После такой захватывающей проповеди многие из фанатиков утверждали, что никто так не знает истории Чехии, как отец Иоахим. Портной Пиштера, заядлый жижковец, бия себя в грудь, кричал:
– Ребята, я свою голову даю на отсечение, что вот эта их церковь должна быть потом, в освобождённой Чехии, государственной, а батюшку мы сделаем нашим пражским архиепископом. Я уж ему это обещал и обещал тоже, что мы с братом Клофачем[11] об этом постараемся. Я с ним знаком, мы ходили в одну пивную. Кто за то, чтобы батюшка был самым главным в соборе святого Витта?
И люди, радовавшиеся тому, что хотя в освобождённом отечестве им ничего принадлежать не будет, но все же церковь-то хоть у них будет своя, единогласно голосовали за это предложение, бурча себе под нос:
– Посмотрите на него, он, наверное, думает попасть в сторожа при соборе Витта!
В воскресенье, когда в православие переходило сто человек австрийцев сразу, в Омске было по этому случаю устроено торжество. Гарнизон прошёл парадным маршем, собор был окружён со всех сторон громадной толпой ротозеев. Когда шедшие стройными рядами новообращённые появились, раздались крики «ура» и громовые рукоплескания. А после того как отец Иоахим произнёс торжественную речь о чехах, страдающих под турецким игом, и о том, как они, несчастные, ищут защиты на груди матушки Руси, стоявшая толпа громко разрыдалась.
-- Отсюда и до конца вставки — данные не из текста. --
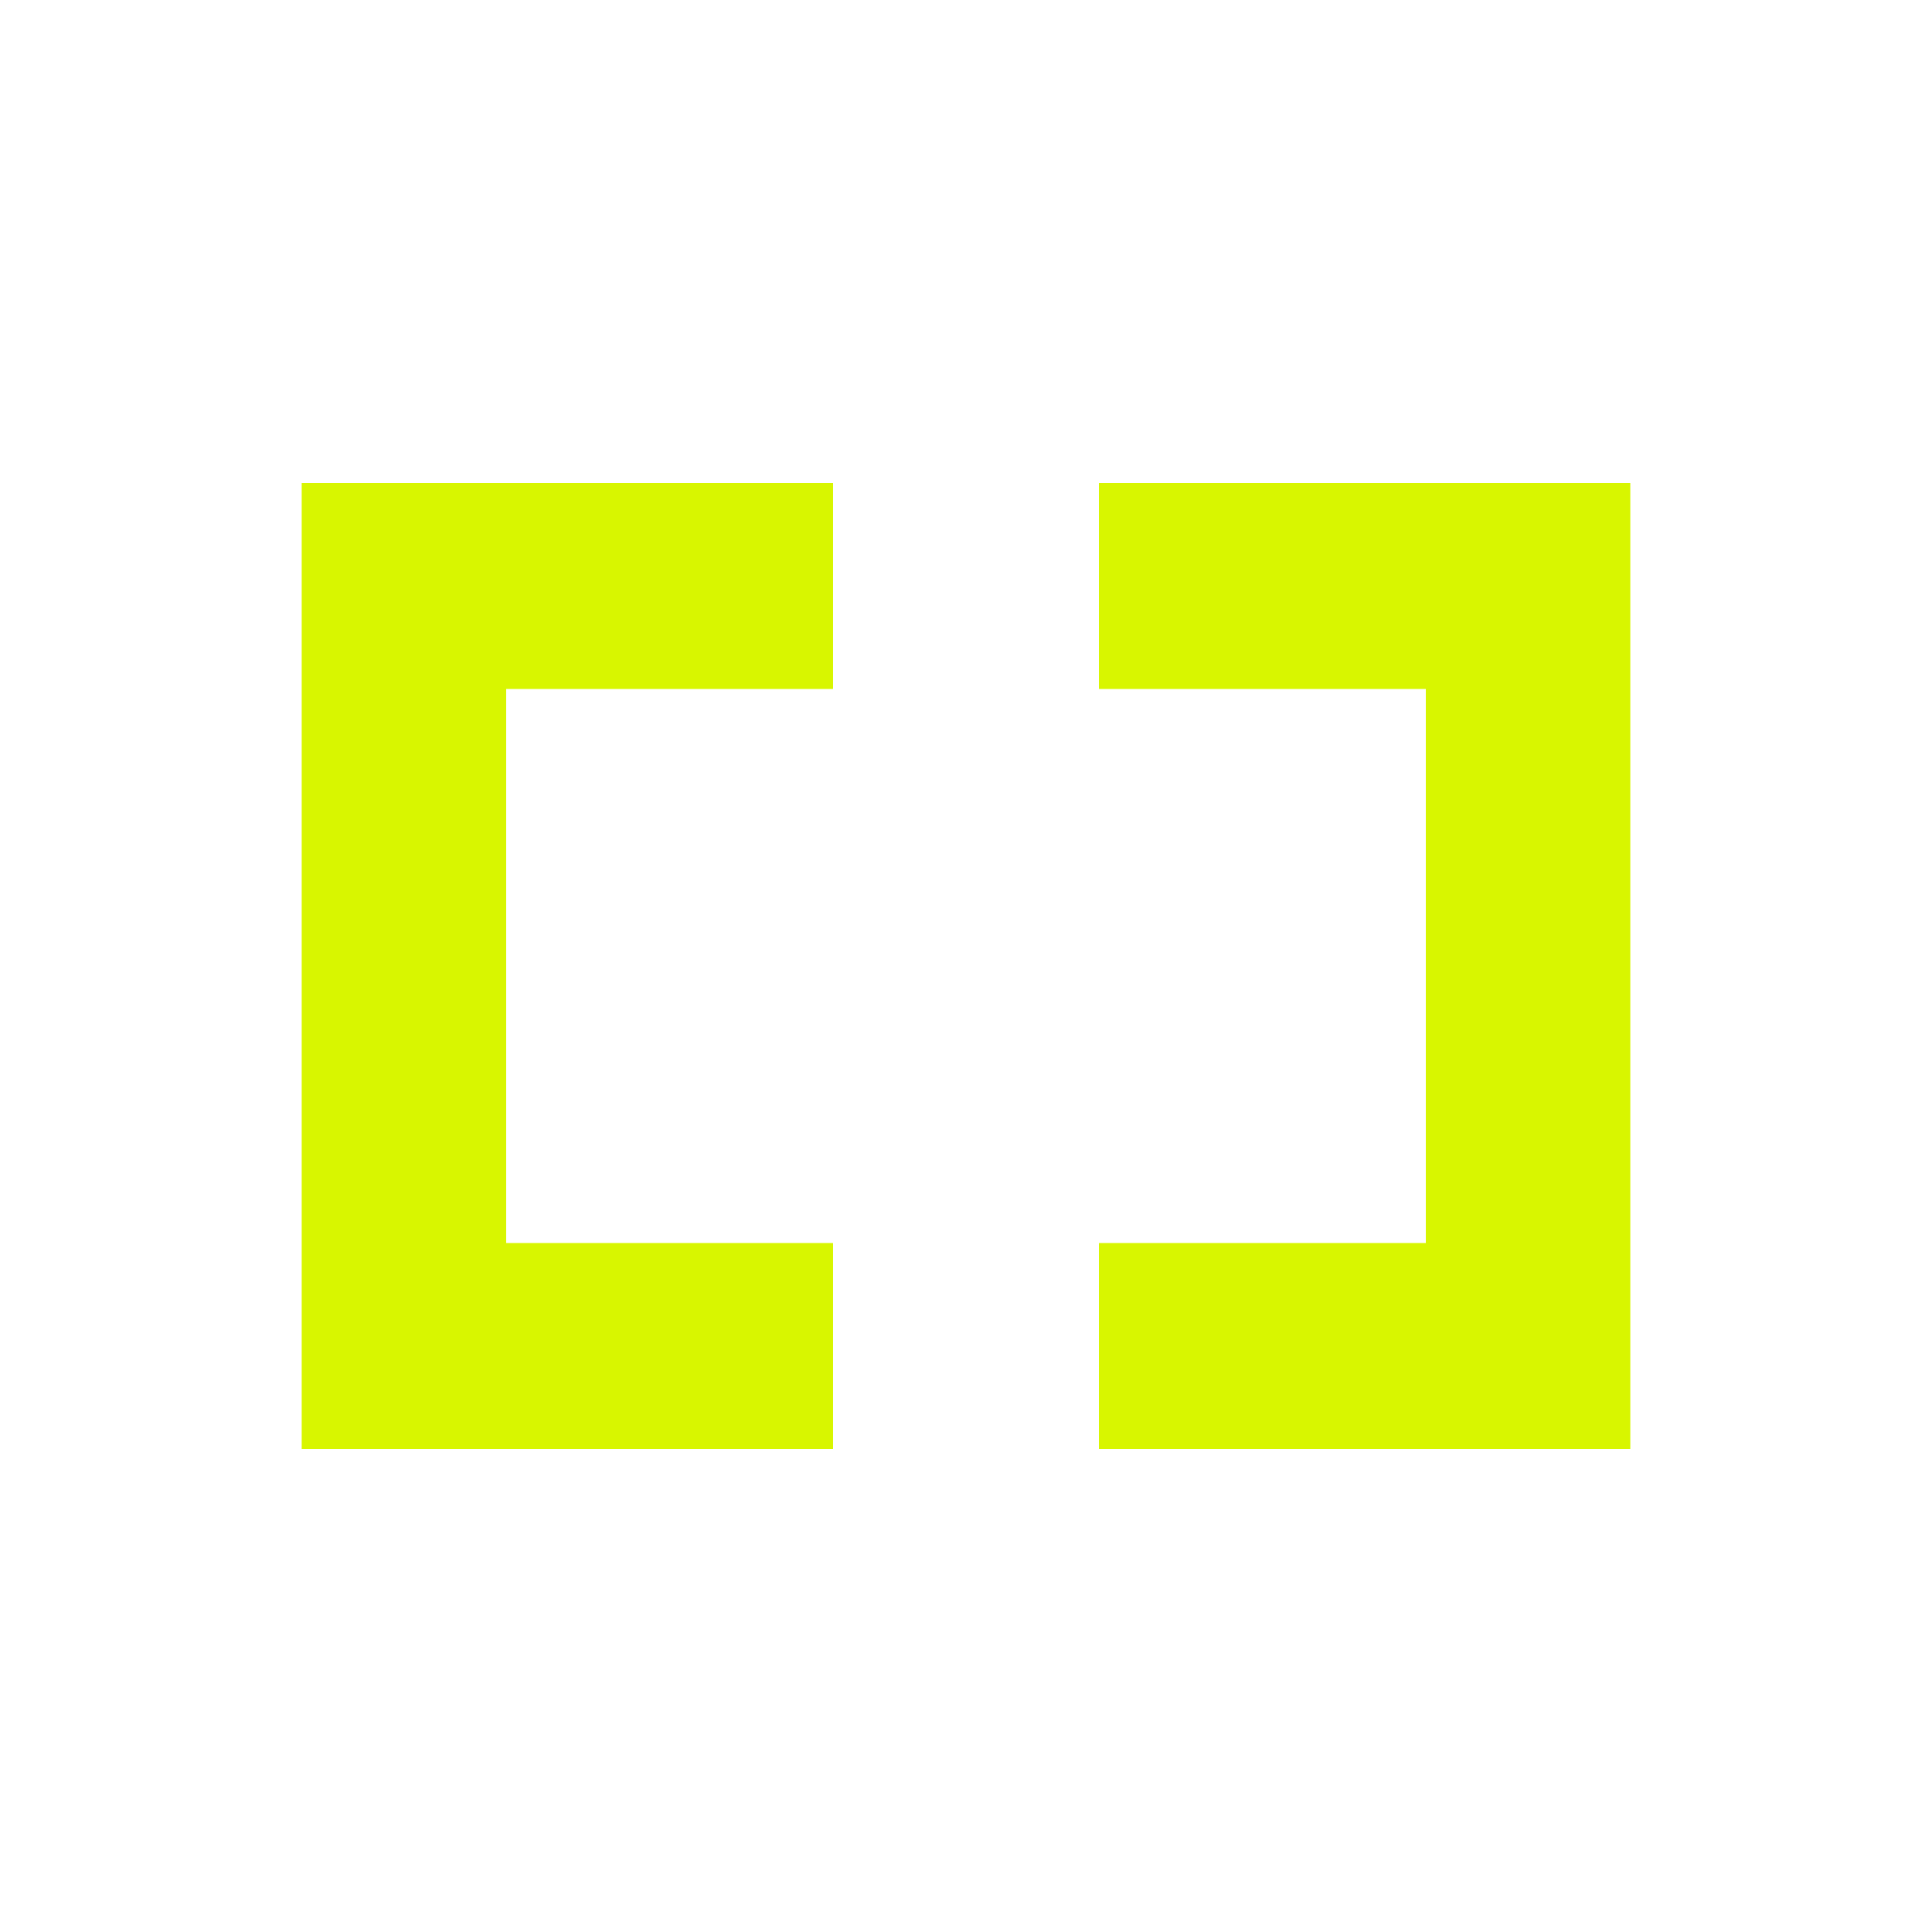 <?xml version="1.0" encoding="UTF-8"?> <svg xmlns="http://www.w3.org/2000/svg" width="32" height="32" viewBox="0 0 32 32" fill="none"><g clip-path="url(#clip0_461_5)"><path d="M18.203 8V11.409H23.617V20.591H18.203V24H27V8H18.203Z" fill="#D8F600"></path><path d="M5 8V24H13.797V20.591H8.383V11.409H13.797V8H5Z" fill="#D8F600"></path><path d="M18.203 8V11.409H23.617V20.591H18.203V24H27V8H18.203Z" fill="#D8F600"></path><path d="M5 8V24H13.797V20.591H8.383V11.409H13.797V8H5Z" fill="#D8F600"></path></g><defs><clipPath id="clip0_461_5"><rect width="22" height="16" fill="white" transform="translate(5 8)"></rect></clipPath></defs></svg> 
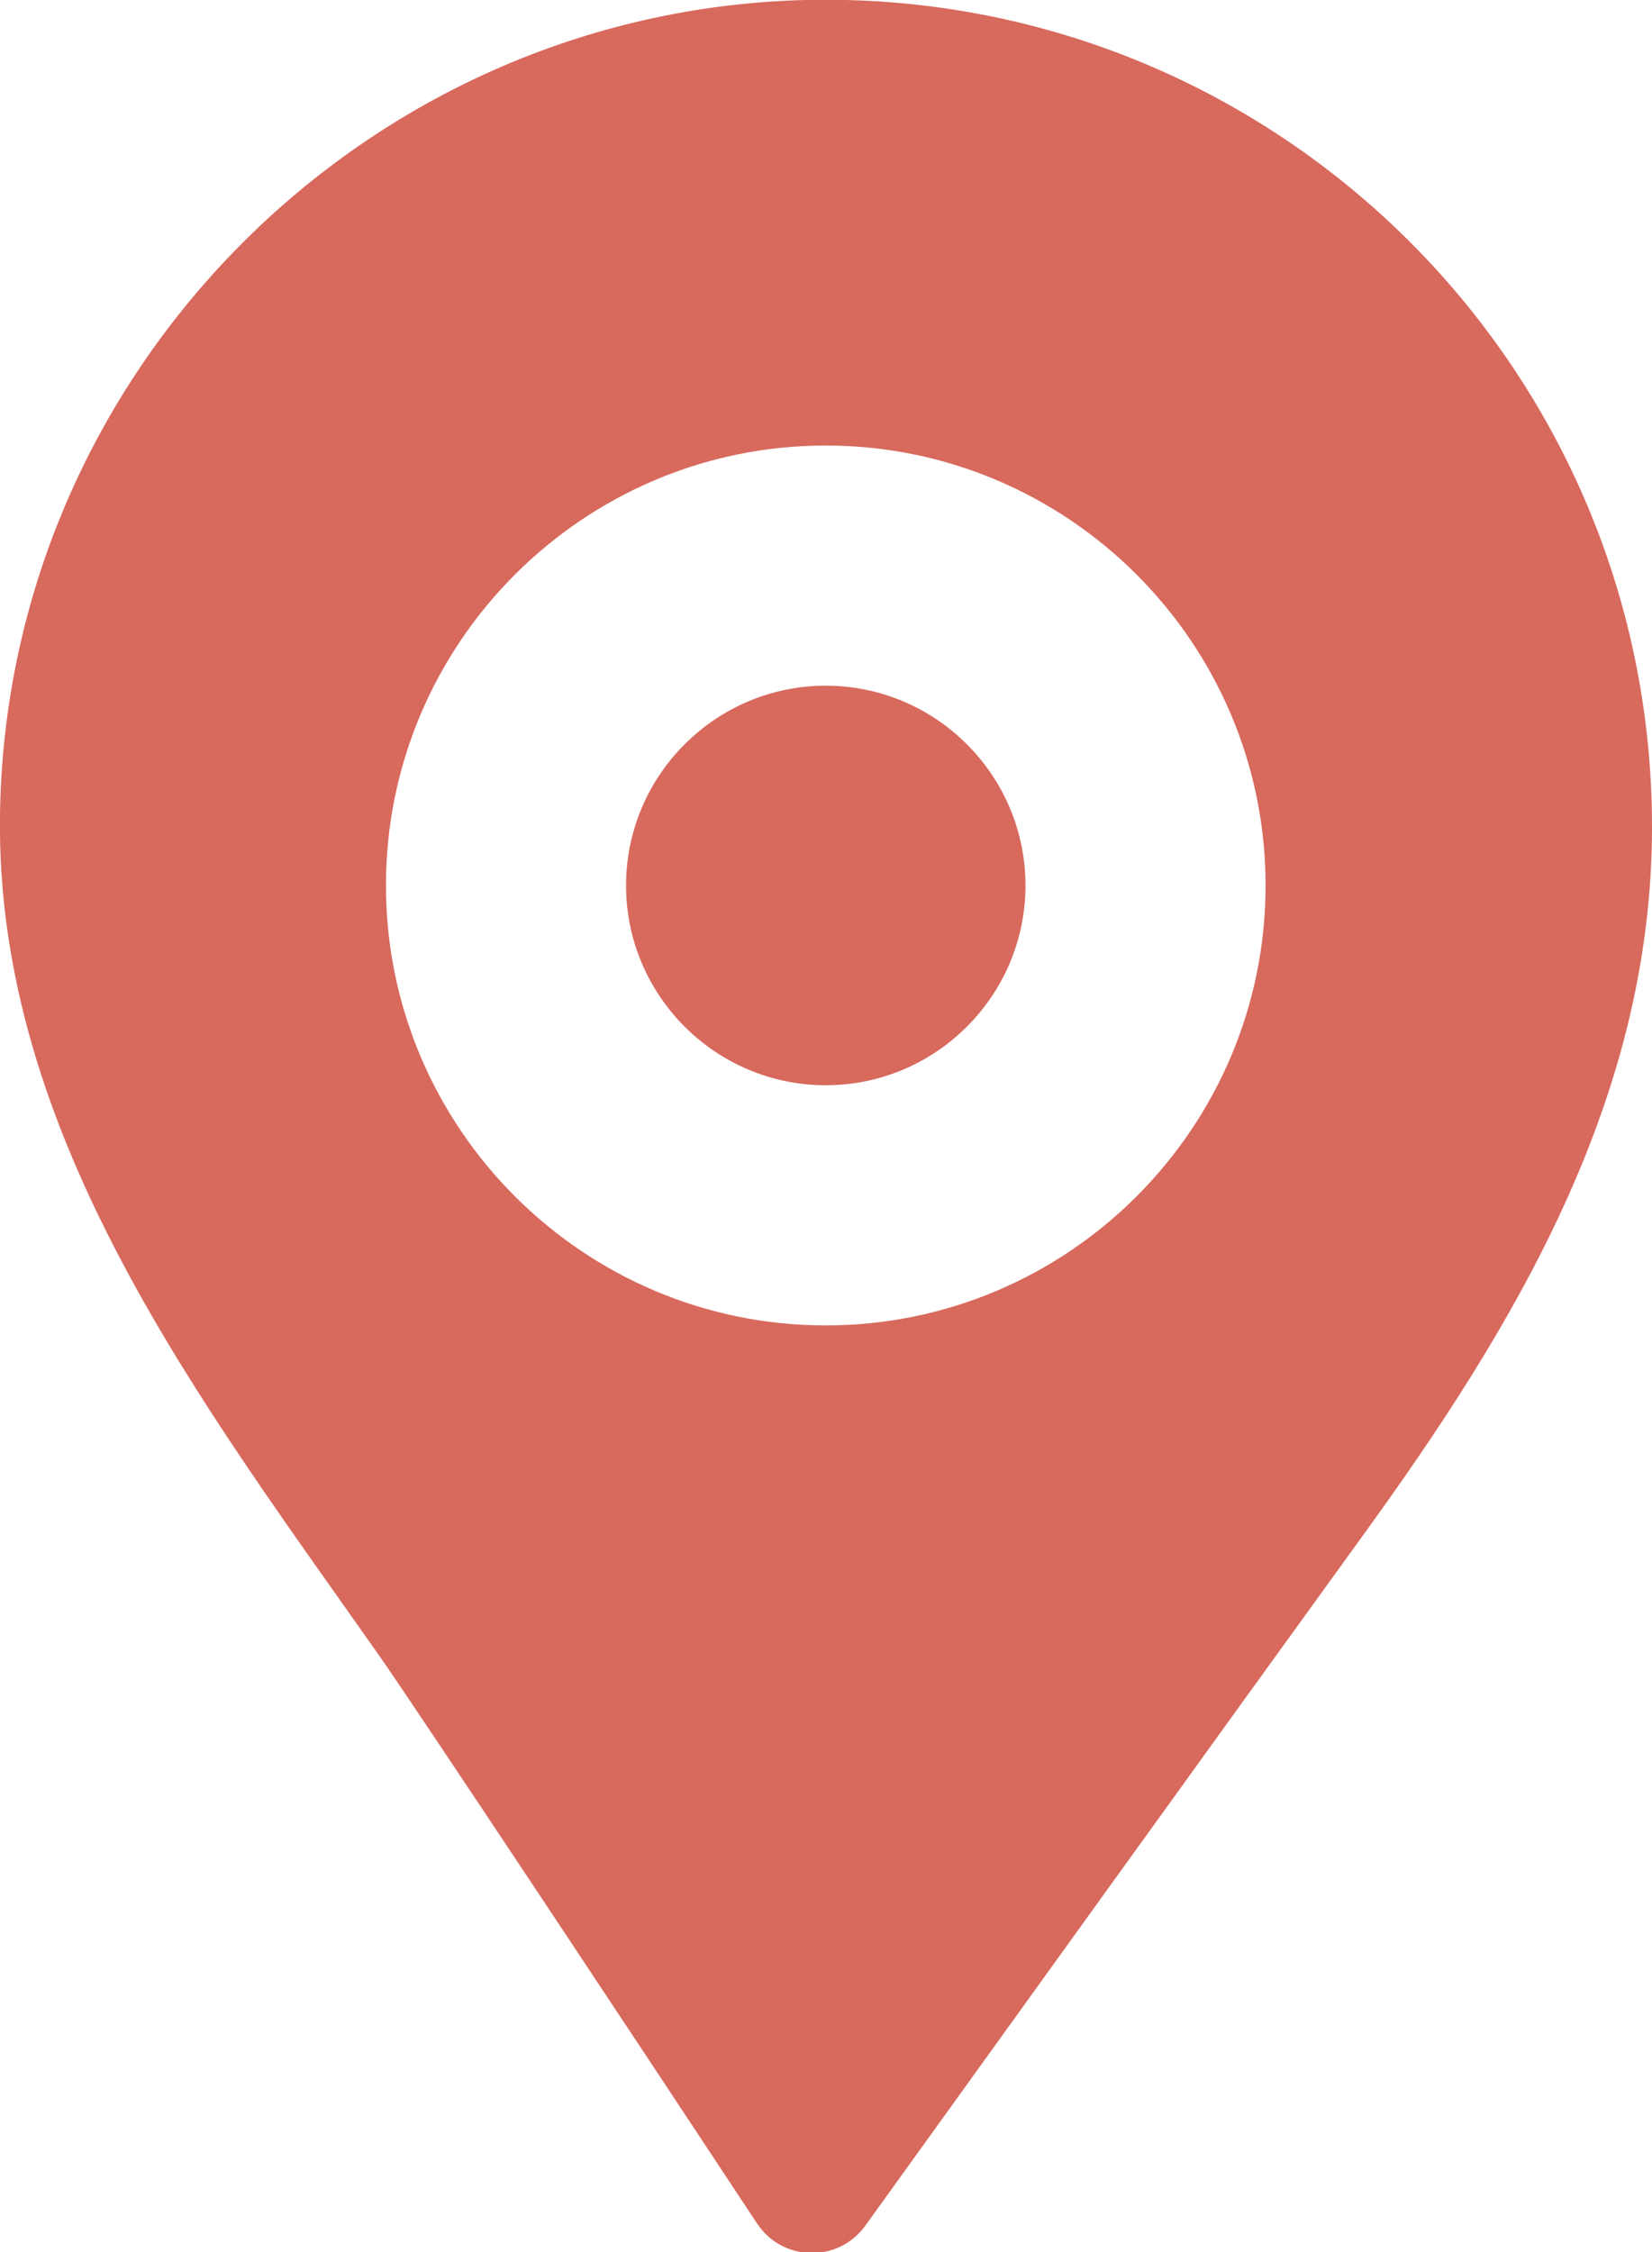 <?xml version="1.0" encoding="UTF-8"?>
<svg id="_レイヤー_2" data-name="レイヤー_2" xmlns="http://www.w3.org/2000/svg" viewBox="0 0 35.57 48.48">
  <defs>
    <style>
      .cls-1 {
        fill: #d8695d;
      }
    </style>
  </defs>
  <g id="_レイヤー_1-2" data-name="レイヤー_1">
    <g>
      <path class="cls-1" d="M17.34,0C7.84.24.13,8.03,0,17.54c-.1,6.93,4.39,12.72,8.18,18.12.78,1.11,5.83,8.73,8.12,12.2.55.83,1.75.85,2.33.05,2.36-3.28,7.66-10.64,10.68-14.81,3.31-4.56,6.26-9.45,6.26-15.3C35.57,7.81,27.36-.24,17.34,0ZM17.78,28.53c-5.22,0-9.47-4.25-9.47-9.47s4.25-9.47,9.47-9.47,9.47,4.25,9.47,9.47-4.25,9.47-9.47,9.47Z"/>
      <path class="cls-1" d="M17.78,23.36c-2.37,0-4.3-1.93-4.3-4.3s1.93-4.3,4.3-4.3,4.3,1.93,4.3,4.3-1.93,4.3-4.3,4.3Z"/>
    </g>
  </g>
</svg>

Барон Клаген обратился с краткой речью к гарнизону: он указывал русским солдатам на пленных, как на пример патриотизма, и выразил надежду, что русский солдат будет славно сражаться за православную веру. Сзади в толпе плакал бравый солдат Швейк и, принимая от людей трех– и пятикопеечные монеты, булки и семечки, уверял всех, что для солдата не может быть ничего лучшего, как только погибнуть на позициях. А потом, почувствовав, что у него мёрзнут ноги, он убежал домой.
Дом был пуст. Вся прислуга присутствовала на торжествах, и только дворник, неизвестно чего напившийся, дремал в коридоре. Швейк пошёл в кабинет полковника, стёр везде пыль, а затем, найдя в пепельнице целую папиросу, закурил её, наклонился к печке и в трубу стал пускать дым. Он слышал, как стучит швейная машина. Портной шил; он доканчивал прекрасное воздушное платье, в котором мадам вечером собиралась поехать на маскарад. Затем он услышал голос баронессы, её смех, приглушённый говор пискуна, хлопанье дверей, ведущих в спальню, и снова смех баронессы и взволнованный голос портного уже в спальне.